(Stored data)
= = = = = = =

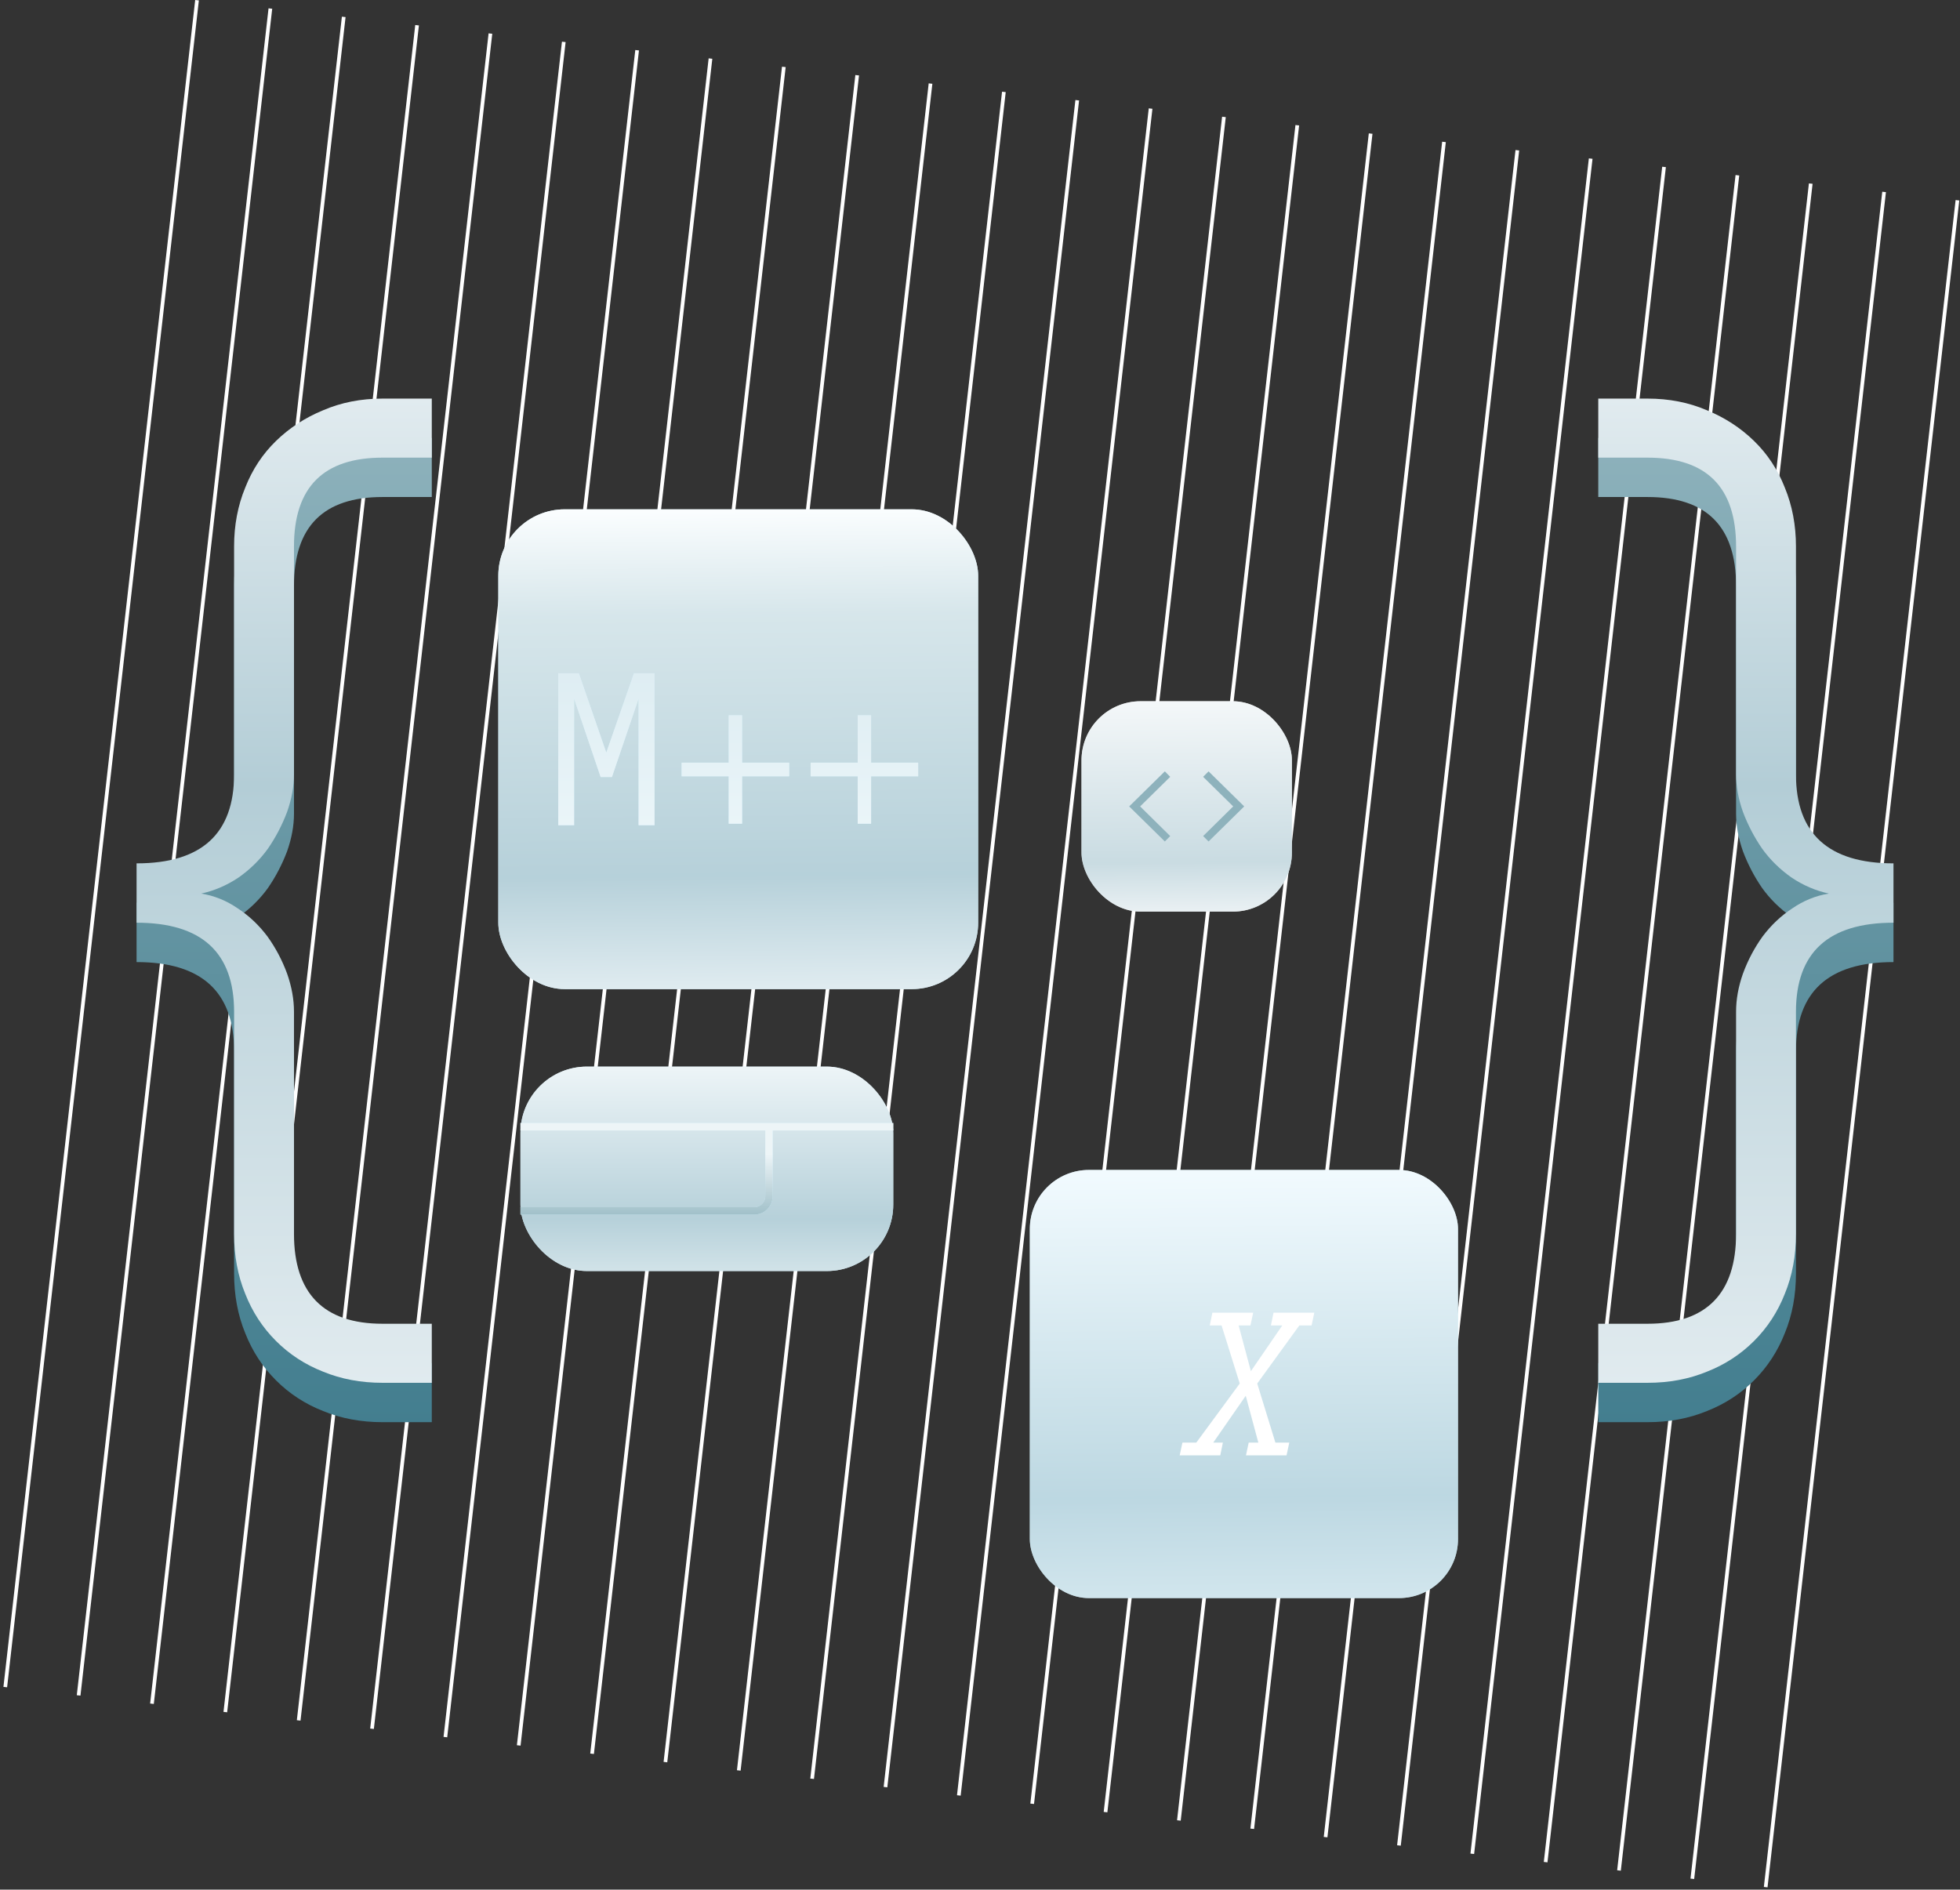 <?xml version="1.0" encoding="UTF-8"?>
<svg xmlns="http://www.w3.org/2000/svg" width="531" height="512" viewBox="0 0 531 512" fill="none">
  <rect x="0" y="0" width="531" height="512" fill="#333333" stroke="none"/>
  <path d="M53.378 0.056L1.428 457.114" stroke="white"></path>
  <path d="M73.25 2.315L21.3 459.372" stroke="white"></path>
  <path d="M93.122 4.574L41.172 461.631" stroke="white"></path>
  <path d="M112.994 6.833L61.045 463.89" stroke="white"></path>
  <path d="M132.866 9.091L80.917 466.148" stroke="white"></path>
  <path d="M152.739 11.35L100.789 468.407" stroke="white"></path>
  <path d="M172.611 13.609L120.661 470.666" stroke="white"></path>
  <path d="M192.483 15.867L140.533 472.924" stroke="white"></path>
  <path d="M212.355 18.126L160.405 475.183" stroke="white"></path>
  <path d="M232.227 20.385L180.277 477.442" stroke="white"></path>
  <path d="M252.099 22.643L200.149 479.701" stroke="white"></path>
  <path d="M271.971 24.902L220.021 481.959" stroke="white"></path>
  <path d="M291.843 27.161L239.893 484.218" stroke="white"></path>
  <path d="M311.715 29.419L259.765 486.477" stroke="white"></path>
  <path d="M331.587 31.678L279.637 488.735" stroke="white"></path>
  <path d="M351.459 33.937L299.509 490.994" stroke="white"></path>
  <path d="M371.331 36.196L319.381 493.253" stroke="white"></path>
  <path d="M391.203 38.454L339.254 495.511" stroke="white"></path>
  <path d="M411.075 40.713L359.126 497.77" stroke="white"></path>
  <path d="M430.947 42.971L378.998 500.029" stroke="white"></path>
  <path d="M450.82 45.23L398.87 502.287" stroke="white"></path>
  <path d="M470.692 47.489L418.742 504.546" stroke="white"></path>
  <path d="M490.564 49.748L438.614 506.805" stroke="white"></path>
  <path d="M510.436 52.006L458.486 509.063" stroke="white"></path>
  <path d="M530.308 54.265L478.358 511.322" stroke="white"></path>
  <rect x="141" y="289" width="101" height="55.387" rx="18" fill="#D3F3FF"></rect>
  <rect x="141" y="289" width="101" height="55.387" rx="18" fill="url(#paint0_linear_517_641)" fill-opacity="0.9"></rect>
  <path d="M242 305.29H208.333M141 305.29H208.333M208.333 305.29V324.097C208.333 326.306 206.542 328.097 204.333 328.097H141" stroke="#D3F3FF" stroke-width="2"></path>
  <path d="M242 305.29H208.333M141 305.29H208.333M208.333 305.29V324.097C208.333 326.306 206.542 328.097 204.333 328.097H141" stroke="url(#paint1_linear_517_641)" stroke-opacity="0.9" stroke-width="2"></path>
  <rect x="279" y="317" width="116" height="116" rx="16" fill="#D3F3FF"></rect>
  <rect x="279" y="317" width="116" height="116" rx="16" fill="url(#paint2_linear_517_641)" fill-opacity="0.7"></rect>
  <path d="M348.548 394.333H337.556L338.296 390.867H340.904L337.496 378.185L328.696 390.867H331.304L330.593 394.333H319.6L320.341 390.867H324.104L335.867 374.867L330.948 359.133H327.748L328.459 355.667H339.511L338.77 359.133H335.57L338.889 371.519L347.393 359.133H344.311L345.022 355.667H356.074L355.333 359.133H352.015L340.607 374.867L345.526 390.867H349.289L348.548 394.333Z" fill="white"></path>
  <rect x="293" y="190" width="57" height="57" rx="16" fill="white"></rect>
  <rect x="293" y="190" width="57" height="57" rx="16" fill="url(#paint3_linear_517_641)" fill-opacity="0.7"></rect>
  <path d="M317.03 226.534L315.577 228L305.92 218.5L315.577 209L317.03 210.484L308.881 218.5L317.03 226.534Z" fill="#8EB2BC"></path>
  <path d="M337.08 218.5L327.423 228L325.951 226.534L334.1 218.5L325.951 210.484L327.423 209L337.08 218.5Z" fill="#8EB2BC"></path>
  <rect x="135" y="138" width="130" height="130" rx="18" fill="#D3F3FF"></rect>
  <rect x="135" y="138" width="130" height="130" rx="18" fill="url(#paint4_linear_517_641)" fill-opacity="0.9"></rect>
  <path d="M177.321 223.583H173.007V189.294L165.786 210.524H162.722L155.533 189.294V223.583H151.25V182.417H156.814L164.254 203.931L171.757 182.417H177.321V223.583Z" fill="#D3F3FF"></path>
  <path d="M177.321 223.583H173.007V189.294L165.786 210.524H162.722L155.533 189.294V223.583H151.25V182.417H156.814L164.254 203.931L171.757 182.417H177.321V223.583Z" fill="url(#paint5_linear_517_641)" fill-opacity="0.8"></path>
  <path d="M213.801 210.334H201.047V223.173H197.421V210.334H184.667V206.643H197.421V193.805H201.047V206.643H213.801V210.334Z" fill="#D3F3FF"></path>
  <path d="M213.801 210.334H201.047V223.173H197.421V210.334H184.667V206.643H197.421V193.805H201.047V206.643H213.801V210.334Z" fill="url(#paint6_linear_517_641)" fill-opacity="0.8"></path>
  <path d="M248.75 210.334H235.996V223.173H232.37V210.334H219.616V206.643H232.37V193.805H235.996V206.643H248.75V210.334Z" fill="#D3F3FF"></path>
  <path d="M248.75 210.334H235.996V223.173H232.37V210.334H219.616V206.643H232.37V193.805H235.996V206.643H248.75V210.334Z" fill="url(#paint7_linear_517_641)" fill-opacity="0.8"></path>
  <path d="M37 260.676C54.614 260.676 63.42 268.717 63.42 284.799V344.99C63.42 350.925 64.425 356.333 66.436 361.215C68.35 366.097 71.126 370.357 74.764 373.995C78.401 377.632 82.661 380.408 87.543 382.323C92.425 384.333 97.786 385.338 103.625 385.338H116.979V369.338H103.625C87.639 369.338 79.646 361.072 79.646 344.99V284.799C79.646 281.449 79.024 278.003 77.779 274.461C76.439 270.823 74.668 267.473 72.466 264.41C70.169 261.346 67.489 258.81 64.425 256.799C61.362 254.693 58.06 253.353 54.518 252.779C58.06 252.013 61.41 250.577 64.569 248.471C67.728 246.27 70.408 243.637 72.61 240.574C74.716 237.511 76.439 234.208 77.779 230.666C79.024 227.124 79.646 223.726 79.646 220.471V158.728C79.646 142.646 87.639 134.667 103.625 134.667H116.979V118.667H103.625C97.786 118.667 92.425 119.72 87.543 121.826C82.661 123.836 78.401 126.612 74.764 130.154C71.126 133.696 68.35 137.908 66.436 142.79C64.425 147.672 63.42 152.985 63.42 158.728V220.471C63.42 236.553 54.614 244.594 37 244.594V260.676Z" fill="url(#paint8_linear_517_641)"></path>
  <path d="M37 250.009C54.614 250.009 63.42 258.05 63.42 274.132V334.323C63.42 340.258 64.425 345.666 66.436 350.548C68.35 355.43 71.126 359.69 74.764 363.328C78.401 366.965 82.661 369.742 87.543 371.656C92.425 373.666 97.786 374.671 103.625 374.671H116.979V358.671H103.625C87.639 358.671 79.646 350.405 79.646 334.323V274.132C79.646 270.782 79.024 267.336 77.779 263.794C76.439 260.156 74.668 256.806 72.466 253.743C70.169 250.679 67.489 248.143 64.425 246.133C61.362 244.027 58.06 242.686 54.518 242.112C58.06 241.346 61.41 239.91 64.569 237.804C67.728 235.603 70.408 232.97 72.61 229.907C74.716 226.844 76.439 223.541 77.779 219.999C79.024 216.457 79.646 213.059 79.646 209.805V148.061C79.646 131.979 87.639 124 103.625 124H116.979V108H103.625C97.786 108 92.425 109.053 87.543 111.159C82.661 113.169 78.401 115.945 74.764 119.487C71.126 123.029 68.35 127.241 66.436 132.123C64.425 137.005 63.42 142.318 63.42 148.061V209.805C63.42 225.886 54.614 233.927 37 233.927V250.009Z" fill="url(#paint9_linear_517_641)"></path>
  <path d="M512.979 260.676C495.365 260.676 486.559 268.717 486.559 284.799V344.99C486.559 350.925 485.554 356.333 483.543 361.215C481.629 366.097 478.853 370.357 475.215 373.995C471.578 377.632 467.318 380.408 462.436 382.323C457.554 384.333 452.193 385.338 446.354 385.338H433V369.338H446.354C462.34 369.338 470.333 361.072 470.333 344.99V284.799C470.333 281.449 470.955 278.003 472.2 274.461C473.54 270.823 475.311 267.473 477.513 264.41C479.81 261.346 482.49 258.81 485.554 256.799C488.617 254.693 491.919 253.353 495.461 252.779C491.919 252.013 488.569 250.577 485.41 248.471C482.251 246.27 479.571 243.637 477.369 240.574C475.263 237.511 473.54 234.208 472.2 230.666C470.955 227.124 470.333 223.726 470.333 220.471V158.728C470.333 142.646 462.34 134.667 446.354 134.667H433V118.667H446.354C452.193 118.667 457.554 119.72 462.436 121.826C467.318 123.836 471.578 126.612 475.215 130.154C478.853 133.696 481.629 137.908 483.543 142.79C485.554 147.672 486.559 152.985 486.559 158.728V220.471C486.559 236.553 495.365 244.594 512.979 244.594V260.676Z" fill="url(#paint10_linear_517_641)"></path>
  <path d="M512.979 250.009C495.365 250.009 486.559 258.05 486.559 274.132V334.323C486.559 340.258 485.554 345.666 483.543 350.548C481.629 355.431 478.853 359.69 475.215 363.328C471.578 366.965 467.318 369.742 462.436 371.656C457.554 373.666 452.193 374.671 446.354 374.671H433V358.671H446.354C462.34 358.671 470.333 350.405 470.333 334.323V274.132C470.333 270.782 470.955 267.336 472.2 263.794C473.54 260.156 475.311 256.806 477.513 253.743C479.81 250.679 482.49 248.143 485.554 246.133C488.617 244.027 491.919 242.686 495.461 242.112C491.919 241.346 488.569 239.91 485.41 237.804C482.251 235.603 479.571 232.97 477.369 229.907C475.263 226.844 473.54 223.541 472.2 219.999C470.955 216.457 470.333 213.059 470.333 209.805V148.061C470.333 131.979 462.34 124 446.354 124H433V108H446.354C452.193 108 457.554 109.053 462.436 111.159C467.318 113.169 471.578 115.945 475.215 119.487C478.853 123.029 481.629 127.241 483.543 132.123C485.554 137.005 486.559 142.318 486.559 148.061V209.805C486.559 225.886 495.365 233.927 512.979 233.927V250.009Z" fill="url(#paint11_linear_517_641)"></path>
  <defs>
    <linearGradient id="paint0_linear_517_641" x1="191.5" y1="289" x2="191.5" y2="344.387" gradientUnits="userSpaceOnUse">
      <stop stop-color="#F0F5F7"></stop>
      <stop offset="0.745" stop-color="#B3CDD6"></stop>
      <stop offset="1" stop-color="#D1E1E6"></stop>
    </linearGradient>
    <linearGradient id="paint1_linear_517_641" x1="176.35" y1="305.29" x2="176.35" y2="331.681" gradientUnits="userSpaceOnUse">
      <stop offset="0.286" stop-color="#F0F5F7"></stop>
      <stop offset="1" stop-color="#8EB2BC"></stop>
    </linearGradient>
    <linearGradient id="paint2_linear_517_641" x1="337" y1="317" x2="338.068" y2="432.99" gradientUnits="userSpaceOnUse">
      <stop stop-color="white"></stop>
      <stop offset="0.646" stop-color="#BFD5DC"></stop>
      <stop offset="0.764" stop-color="#B3CDD6"></stop>
      <stop offset="1" stop-color="#D1E1E6"></stop>
    </linearGradient>
    <linearGradient id="paint3_linear_517_641" x1="321.5" y1="190" x2="322.025" y2="246.995" gradientUnits="userSpaceOnUse">
      <stop stop-color="#F0F5F7"></stop>
      <stop offset="0.764" stop-color="#B3CDD6"></stop>
      <stop offset="1" stop-color="#E1EBEF"></stop>
    </linearGradient>
    <linearGradient id="paint4_linear_517_641" x1="200" y1="138" x2="201.197" y2="267.989" gradientUnits="userSpaceOnUse">
      <stop stop-color="white"></stop>
      <stop offset="0.219" stop-color="#D7E5E9"></stop>
      <stop offset="0.764" stop-color="#B3CDD6"></stop>
      <stop offset="1" stop-color="#E1EBEF"></stop>
    </linearGradient>
    <linearGradient id="paint5_linear_517_641" x1="200" y1="182.417" x2="200" y2="223.583" gradientUnits="userSpaceOnUse">
      <stop stop-color="#E1EBEF"></stop>
      <stop offset="1" stop-color="#F0F5F7"></stop>
    </linearGradient>
    <linearGradient id="paint6_linear_517_641" x1="200" y1="182.417" x2="200" y2="223.583" gradientUnits="userSpaceOnUse">
      <stop stop-color="#E1EBEF"></stop>
      <stop offset="1" stop-color="#F0F5F7"></stop>
    </linearGradient>
    <linearGradient id="paint7_linear_517_641" x1="200" y1="182.417" x2="200" y2="223.583" gradientUnits="userSpaceOnUse">
      <stop stop-color="#E1EBEF"></stop>
      <stop offset="1" stop-color="#F0F5F7"></stop>
    </linearGradient>
    <linearGradient id="paint8_linear_517_641" x1="76.99" y1="118.667" x2="76.99" y2="386.317" gradientUnits="userSpaceOnUse">
      <stop stop-color="#8EB2BC"></stop>
      <stop offset="0.391" stop-color="#6998A5"></stop>
      <stop offset="1" stop-color="#437E8F"></stop>
    </linearGradient>
    <linearGradient id="paint9_linear_517_641" x1="76.99" y1="108" x2="76.99" y2="375.65" gradientUnits="userSpaceOnUse">
      <stop stop-color="#E1EBEF"></stop>
      <stop offset="0.391" stop-color="#B3CDD6"></stop>
      <stop offset="1" stop-color="#E1EBEF"></stop>
    </linearGradient>
    <linearGradient id="paint10_linear_517_641" x1="472.99" y1="118.667" x2="472.99" y2="386.317" gradientUnits="userSpaceOnUse">
      <stop stop-color="#8EB2BC"></stop>
      <stop offset="0.391" stop-color="#6998A5"></stop>
      <stop offset="1" stop-color="#437E8F"></stop>
    </linearGradient>
    <linearGradient id="paint11_linear_517_641" x1="472.99" y1="108" x2="472.99" y2="375.65" gradientUnits="userSpaceOnUse">
      <stop stop-color="#E1EBEF"></stop>
      <stop offset="0.391" stop-color="#B3CDD6"></stop>
      <stop offset="1" stop-color="#E1EBEF"></stop>
    </linearGradient>
  </defs>
</svg>

= = = = = = =

▶ WHAT TO PRODUCE
Where in the entries does the word "rect" occur? Copy out each line that has it.

▶ RESULT FOR THIS TASK
  <rect x="0" y="0" width="531" height="512" fill="#333333" stroke="none"/>
  <rect x="141" y="289" width="101" height="55.387" rx="18" fill="#D3F3FF"></rect>
  <rect x="141" y="289" width="101" height="55.387" rx="18" fill="url(#paint0_linear_517_641)" fill-opacity="0.9"></rect>
  <rect x="279" y="317" width="116" height="116" rx="16" fill="#D3F3FF"></rect>
  <rect x="279" y="317" width="116" height="116" rx="16" fill="url(#paint2_linear_517_641)" fill-opacity="0.7"></rect>
  <rect x="293" y="190" width="57" height="57" rx="16" fill="white"></rect>
  <rect x="293" y="190" width="57" height="57" rx="16" fill="url(#paint3_linear_517_641)" fill-opacity="0.7"></rect>
  <rect x="135" y="138" width="130" height="130" rx="18" fill="#D3F3FF"></rect>
  <rect x="135" y="138" width="130" height="130" rx="18" fill="url(#paint4_linear_517_641)" fill-opacity="0.9"></rect>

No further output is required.